In [1]:
import re
import pandas as pd

In [2]:
f = open('chat.txt','r', encoding='utf-8')

In [3]:
data = f.read()

In [4]:
data

'User: Hi, can you tell me about Python?,\nAI: Sure! Python is a popular programming language known for its readability,\nUser: What can I use it for?,\nAI: You can use Python for web development, data analysis, AI, and more,'

In [5]:
lines = data.split('\n')
df = pd.DataFrame({'user_message': lines})

In [6]:
df.head()

Unnamed: 0,user_message
0,"User: Hi, can you tell me about Python?,"
1,AI: Sure! Python is a popular programming lang...
2,"User: What can I use it for?,"
3,"AI: You can use Python for web development, da..."


In [7]:
df.shape

(4, 1)

In [8]:
new_rows = []

for row in df['user_message']:
    parts = row.split('\t')
    for i, part in enumerate(parts):
        part = part.strip()
        # Try to extract "User: message"
        match = re.match(r'^(\w+):\s*(.+)', part)
        if match:
            user = match.group(1)
            message = match.group(2)
        else:
            # If no user prefix, assign default user1/user2
            user = f"user{i+1}"
            message = part
        new_rows.append({'user': user, 'message': message})

df_cleaned = pd.DataFrame(new_rows)
print(df_cleaned.head())

   user                                            message
0  User                 Hi, can you tell me about Python?,
1    AI  Sure!
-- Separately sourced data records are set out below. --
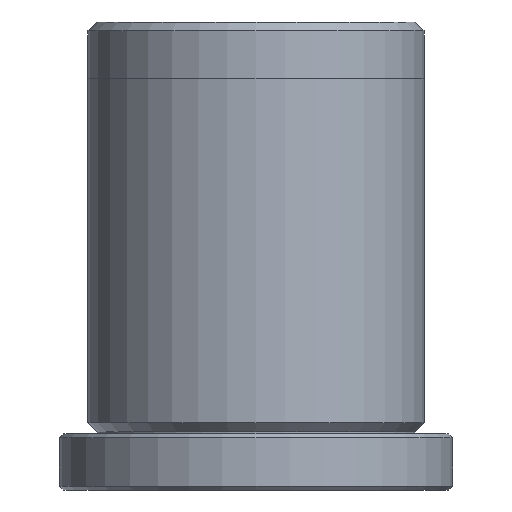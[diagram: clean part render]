
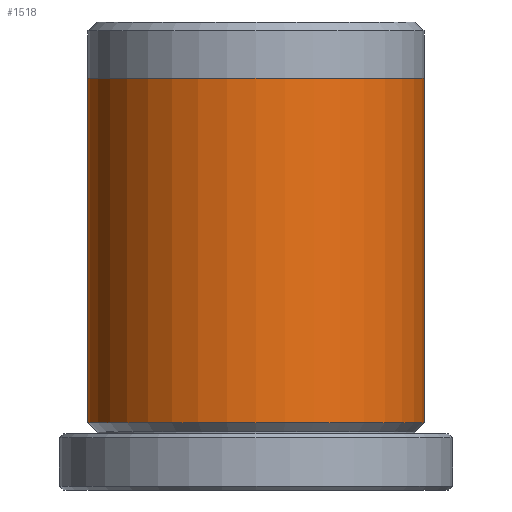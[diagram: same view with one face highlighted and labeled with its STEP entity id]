
A CAD part, front view. The second image highlights one B-rep face of the part: STEP entity #1518.
In plain terms, the highlighted cylindrical face has radius 9 mm (diameter 18 mm), a partial arc.
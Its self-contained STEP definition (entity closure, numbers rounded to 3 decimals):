
#25 = AXIS2_PLACEMENT_3D ( 'NONE', #1224, #1107, #851 ) ;
#80 = FACE_OUTER_BOUND ( 'NONE', #471, .T. ) ;
#121 = AXIS2_PLACEMENT_3D ( 'NONE', #575, #1447, #701 ) ;
#146 = CARTESIAN_POINT ( 'NONE',  ( 0., 0., 22. ) ) ;
#166 = VECTOR ( 'NONE', #1056, 1000. ) ;
#278 = DIRECTION ( 'NONE',  ( -1., 0., 0. ) ) ;
#341 = ORIENTED_EDGE ( 'NONE', *, *, #869, .T. ) ;
#344 = CARTESIAN_POINT ( 'NONE',  ( -9., 0., 22. ) ) ;
#368 = ORIENTED_EDGE ( 'NONE', *, *, #964, .T. ) ;
#465 = CARTESIAN_POINT ( 'NONE',  ( 9., 0., 3.6 ) ) ;
#471 = EDGE_LOOP ( 'NONE', ( #1310, #341, #368, #682 ) ) ;
#507 = LINE ( 'NONE', #1427, #166 ) ;
#575 = CARTESIAN_POINT ( 'NONE',  ( 0., 0., 3.6 ) ) ;
#632 = CARTESIAN_POINT ( 'NONE',  ( -9., 0., 3.6 ) ) ;
#641 = AXIS2_PLACEMENT_3D ( 'NONE', #146, #1037, #278 ) ;
#647 = VECTOR ( 'NONE', #1326, 1000. ) ;
#649 = VERTEX_POINT ( 'NONE', #632 ) ;
#682 = ORIENTED_EDGE ( 'NONE', *, *, #794, .F. ) ;
#696 = CARTESIAN_POINT ( 'NONE',  ( 9., 0., 25. ) ) ;
#701 = DIRECTION ( 'NONE',  ( -1., 0., 0. ) ) ;
#723 = CYLINDRICAL_SURFACE ( 'NONE', #25, 9. ) ;
#759 = CARTESIAN_POINT ( 'NONE',  ( 9., 0., 22. ) ) ;
#794 = EDGE_CURVE ( 'NONE', #1156, #649, #1455, .T. ) ;
#851 = DIRECTION ( 'NONE',  ( -1., 0., 0. ) ) ;
#869 = EDGE_CURVE ( 'NONE', #1250, #1489, #1047, .T. ) ;
#964 = EDGE_CURVE ( 'NONE', #1489, #649, #507, .T. ) ;
#1037 = DIRECTION ( 'NONE',  ( 0., 0., -1. ) ) ;
#1047 = CIRCLE ( 'NONE', #641, 9. ) ;
#1050 = EDGE_CURVE ( 'NONE', #1250, #1156, #1390, .T. ) ;
#1056 = DIRECTION ( 'NONE',  ( 0., 0., -1. ) ) ;
#1107 = DIRECTION ( 'NONE',  ( 0., 0., -1. ) ) ;
#1156 = VERTEX_POINT ( 'NONE', #465 ) ;
#1224 = CARTESIAN_POINT ( 'NONE',  ( 0., 0., 25. ) ) ;
#1250 = VERTEX_POINT ( 'NONE', #759 ) ;
#1310 = ORIENTED_EDGE ( 'NONE', *, *, #1050, .F. ) ;
#1326 = DIRECTION ( 'NONE',  ( 0., 0., -1. ) ) ;
#1390 = LINE ( 'NONE', #696, #647 ) ;
#1427 = CARTESIAN_POINT ( 'NONE',  ( -9., 0., 25. ) ) ;
#1447 = DIRECTION ( 'NONE',  ( 0., 0., -1. ) ) ;
#1455 = CIRCLE ( 'NONE', #121, 9. ) ;
#1489 = VERTEX_POINT ( 'NONE', #344 ) ;
#1518 = ADVANCED_FACE ( 'NONE', ( #80 ), #723, .T. ) ;

Python is a popular programming language...
2  User                            What can I use it for?,
3    AI  You can use Python for web development, data a...


In [9]:
from sklearn.feature_extraction.text import TfidfVectorizer
from nltk.corpus import stopwords
import nltk

documents = df_cleaned['message'].tolist()
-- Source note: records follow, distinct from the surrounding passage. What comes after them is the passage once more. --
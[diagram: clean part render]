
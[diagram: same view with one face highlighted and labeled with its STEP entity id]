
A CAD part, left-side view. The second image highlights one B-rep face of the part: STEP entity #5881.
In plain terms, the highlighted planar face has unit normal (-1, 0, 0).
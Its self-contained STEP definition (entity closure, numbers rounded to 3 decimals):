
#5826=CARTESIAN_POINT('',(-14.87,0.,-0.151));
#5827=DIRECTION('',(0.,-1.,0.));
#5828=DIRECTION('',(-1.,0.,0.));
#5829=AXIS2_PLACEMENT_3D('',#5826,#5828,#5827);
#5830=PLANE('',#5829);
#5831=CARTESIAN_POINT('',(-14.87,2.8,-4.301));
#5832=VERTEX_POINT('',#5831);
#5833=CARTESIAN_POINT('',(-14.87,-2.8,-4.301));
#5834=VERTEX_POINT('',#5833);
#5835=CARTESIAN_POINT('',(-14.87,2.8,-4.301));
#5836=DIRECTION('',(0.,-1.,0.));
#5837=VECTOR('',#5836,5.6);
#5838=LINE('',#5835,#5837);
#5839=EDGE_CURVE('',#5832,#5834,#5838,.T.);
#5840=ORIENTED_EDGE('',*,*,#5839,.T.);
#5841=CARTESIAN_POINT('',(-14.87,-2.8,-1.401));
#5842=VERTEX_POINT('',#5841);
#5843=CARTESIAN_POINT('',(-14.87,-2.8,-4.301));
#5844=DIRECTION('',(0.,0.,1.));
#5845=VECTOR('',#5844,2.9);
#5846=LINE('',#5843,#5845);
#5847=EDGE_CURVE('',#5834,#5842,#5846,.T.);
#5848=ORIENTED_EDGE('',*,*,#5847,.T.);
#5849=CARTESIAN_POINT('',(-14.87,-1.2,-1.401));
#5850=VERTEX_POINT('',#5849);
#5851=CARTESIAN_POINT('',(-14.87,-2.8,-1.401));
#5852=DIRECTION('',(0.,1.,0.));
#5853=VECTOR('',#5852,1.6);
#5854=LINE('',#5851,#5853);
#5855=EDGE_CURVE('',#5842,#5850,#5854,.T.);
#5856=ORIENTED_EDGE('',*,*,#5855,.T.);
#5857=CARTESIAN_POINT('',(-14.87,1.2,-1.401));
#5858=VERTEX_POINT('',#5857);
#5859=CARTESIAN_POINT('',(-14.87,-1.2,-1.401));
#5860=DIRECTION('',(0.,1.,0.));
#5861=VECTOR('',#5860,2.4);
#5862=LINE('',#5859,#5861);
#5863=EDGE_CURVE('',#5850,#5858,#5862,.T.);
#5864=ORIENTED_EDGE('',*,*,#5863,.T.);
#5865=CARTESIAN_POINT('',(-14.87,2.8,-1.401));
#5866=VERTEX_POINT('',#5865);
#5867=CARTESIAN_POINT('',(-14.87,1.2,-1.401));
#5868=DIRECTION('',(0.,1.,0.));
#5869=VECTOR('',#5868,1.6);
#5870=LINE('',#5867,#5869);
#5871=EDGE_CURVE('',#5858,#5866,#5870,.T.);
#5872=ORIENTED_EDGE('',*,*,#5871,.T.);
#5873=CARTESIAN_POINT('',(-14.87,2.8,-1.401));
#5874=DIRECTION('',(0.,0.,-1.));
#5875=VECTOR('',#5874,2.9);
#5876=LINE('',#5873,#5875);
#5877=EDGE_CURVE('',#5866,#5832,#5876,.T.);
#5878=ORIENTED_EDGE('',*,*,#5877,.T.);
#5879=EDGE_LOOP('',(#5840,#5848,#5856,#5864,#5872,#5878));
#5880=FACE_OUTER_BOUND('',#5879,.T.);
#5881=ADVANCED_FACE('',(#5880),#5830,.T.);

# Load NLTK English stopwords
default_stopwords = set(stopwords.words('english'))

# Add custom generic/common words
custom_words = {
    'hi', 'popular', 'known', 'can', 'use', 'tell', 'sure', 'also', 'get', 'like',
    'one', 'many', 'used', 'based', 'etc', 'really', 'know', 'would'
}

final_stopwords = list(default_stopwords.union(custom_words))

# Initialize TF-IDF vectorizer with custom stopwords list
vectorizer = TfidfVectorizer(stop_words=final_stopwords)
X = vectorizer.fit_transform(documents)

# Extract keywords and scores
feature_names = vectorizer.get_feature_names_out()
scores = X.toarray().sum(axis=0)

tfidf_scores = sorted(zip(feature_names, scores), key=lambda x: x[1], reverse=True)
top_keywords = [word for word, _ in tfidf_scores[:5]]
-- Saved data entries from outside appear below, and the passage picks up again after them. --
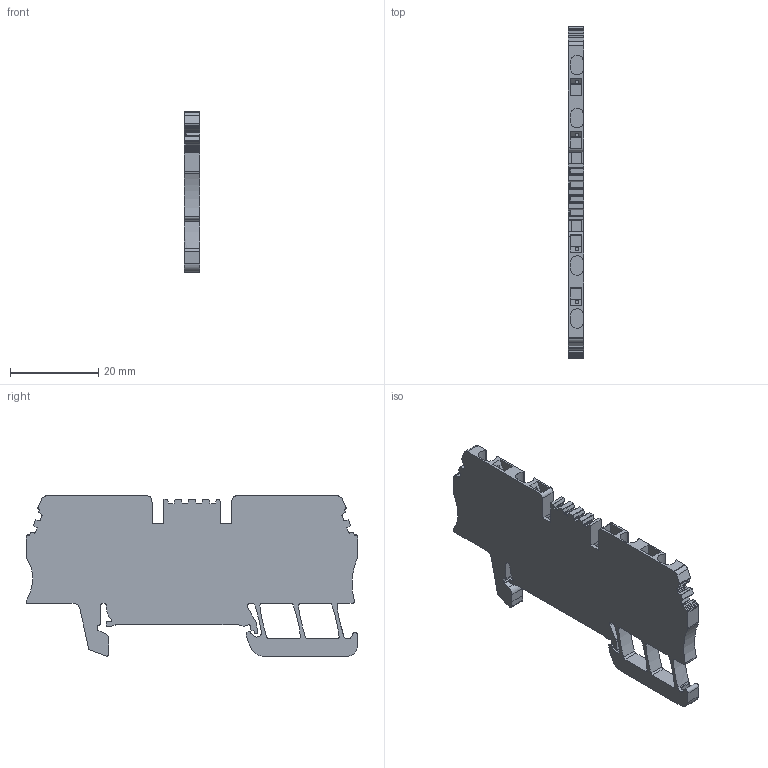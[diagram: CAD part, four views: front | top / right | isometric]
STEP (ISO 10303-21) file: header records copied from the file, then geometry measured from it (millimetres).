
FILE_DESCRIPTION(('CATIA V5R22 STEP214','CAx-IF Rec.Pracs.--- Model Styling and Organization---1.4--- 2014-01-23'),'2;1');
FILE_NAME ('022969-2_1', '2020-09-15T13:12:45+00:00', ('Weidmueller Interface'), ('Weidmueller'), 'CATIA Version 5-6 Release 2016 SP3 HF44', 'CATIA V5 STEP AP214', 'none');
FILE_SCHEMA(('AUTOMOTIVE_DESIGN { 1 0 10303 214 1 1 1 1 }'));
Length unit declared in the file: millimetre
Products named in the file (1): 1827000000
Bounding box: 3.5 x 75.14 x 36.25 mm (x, y, z)
Volume: 6332.6 mm3; surface area: 6190 mm2
Topology: 1 solids, 1 shells, 434 faces, 1278 edges, 850 vertices
Faces by surface type: plane 270, cylinder 164
Entity records: 14057 total; most frequent: CARTESIAN_POINT 2713, ORIENTED_EDGE 2556, DIRECTION 2014, EDGE_CURVE 1278, VECTOR 922, LINE 922, VERTEX_POINT 850, AXIS2_PLACEMENT_3D 713

print("Top keywords after removing stopwords and generic terms:")
for word, score in tfidf_scores[:5]:
    print(f"{word}: {score:.4f}")

print(top_keywords)

Top keywords after removing stopwords and generic terms:
python: 1.6203
language: 0.5417
programming: 0.5417
readability: 0.5417
ai: 0.4300
['python', 'language', 'programming', 'readability', 'ai']


In [10]:
import spacy
from collections import Counter

nlp = spacy.load("en_core_web_sm")

# Combine all messages into a single text block
full_text = " ".join(df_cleaned['message'].tolist())

# Process text with spaCy
doc = nlp(full_text)
noun_chunks = [chunk.text.lower() for chunk in doc.noun_chunks if len(chunk.text.split()) > 1]

# Generate keyword list
keywords = Counter(noun_chunks).most_common(5)
keyword_list = [kw[0] for kw in keywords]

# Extract named entities and noun chunks to infer topic
entities = [ent.text for ent in doc.ents if ent.label_ in ["ORG", "PERSON", "PRODUCT", "LANGUAGE", "WORK_OF_ART"]]
noun_chunks = [chunk.text.lower() for chunk in doc.noun_chunks if len(chunk.text.split()) > 1]

summary = f"""
The user asked mainly about {', '.join(set(entities + keyword_list))}.
"""
print(summary)


The user asked mainly about Python, web development, a popular programming language, data analysis, its readability.



In [11]:
total_exchanges = df_cleaned.shape[0]

In [12]:
total_exchanges

4

In [13]:
summary = f"""
Summary:
- The conversation had {total_exchanges} exchanges.
- The user asked mainly about {', '.join(set(entities + keyword_list))}.
- Most common keywords: {', '.join(top_keywords)}.
"""
print(summary.strip())

Summary:
- The conversation had 4 exchanges.
- The user asked mainly about Python, web development, a popular programming language, data analysis, its readability.
- Most common keywords: python, language, programming, readability, ai.